10.1.6. Tracing Challenge : Recursion

Working in pairs, trace through the following recursion problems.

Consider the following recursive method:

public static int mystery(int n)
{
    if (n == 0)
    {
        return 1;
    }
    else
    {
        return 3 * mystery (n - 1);
    }
}

The trace of this code for mystery(4) is shown below.

mystery(4) returns 3 * mystery(3)
mystery(3) returns 3 * mystery(2)
mystery(2) returns 3 * mystery(1)
mystery(1) returns 3 * mystery(0)
mystery(0) returns A

10-1-14: What is the value of A in the trace above?

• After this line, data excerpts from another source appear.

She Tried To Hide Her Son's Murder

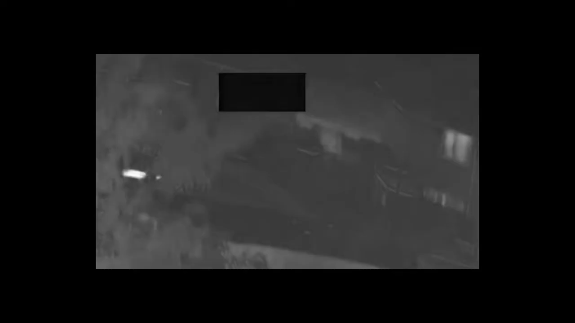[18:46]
At 2.43am on July 31st, it showed John and Craig leaving the house with John carrying an object
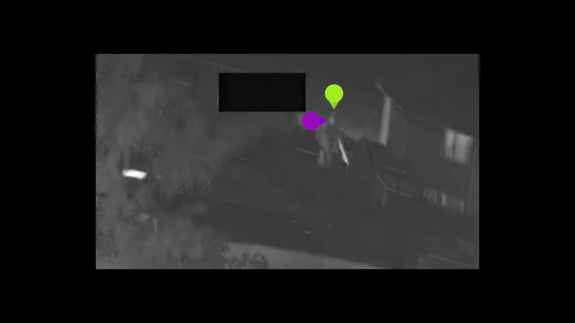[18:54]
which looked to be a white cross on his back. This was Logan's lifeless body.
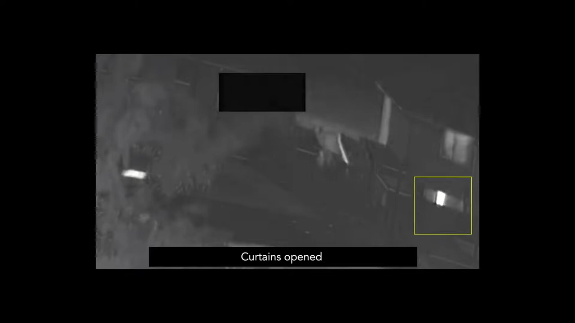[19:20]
John and Craig returned to the property at 2.51am

Once mystery(0) returns 1 the value for each call to mystery can now be calculated and returned.

mystery(4) returns 3 * mystery(3) = 3 * X = Y
mystery(3) returns 3 * mystery(2) = 3 * 9 = 27
mystery(2) returns 3 * mystery(1) = 3 * 3 = 9
mystery(1) returns 3 * mystery(0) = 3 * 1 = 3
mystery(0) returns 1

10-1-15: What is the value of X in the trace above?

10-1-16: What is the value of Y in the trace above?

Consider the following recursive method:

public static int strMethod(String str)
{
    if (str.length() == 1)
    {
        return 0;
    }
    else
    {
        if (str.substring(0,1).equals("e"))
        {
            return 1 + strMethod(str.substring(1));
        }
        else
        {
            return strMethod(str.substring(1));
        }
    }
}

strMethod("every") returns 1 + strMethod("very")
strMethod("very") returns strMethod("ery")
strMethod("ery") returns 1 + strMethod("ry")
strMethod("ry") returns strMethod("y")
strMethod("y") returns B

10-1-17: What is the value of B in the trace above?

Once strMethod("y") returns, the value from each recursive call on the stack can be calculated and returned.

strMethod("every") returns 1 + strMethod("very") = Z
strMethod("very") returns strMethod("ery") = Y
strMethod("ery") returns 1 + strMethod("ry") = 1 + X
strMethod("ry") returns strMethod("y") = 0
strMethod("y") returns 0

10-1-18: What is the value of X in the trace above?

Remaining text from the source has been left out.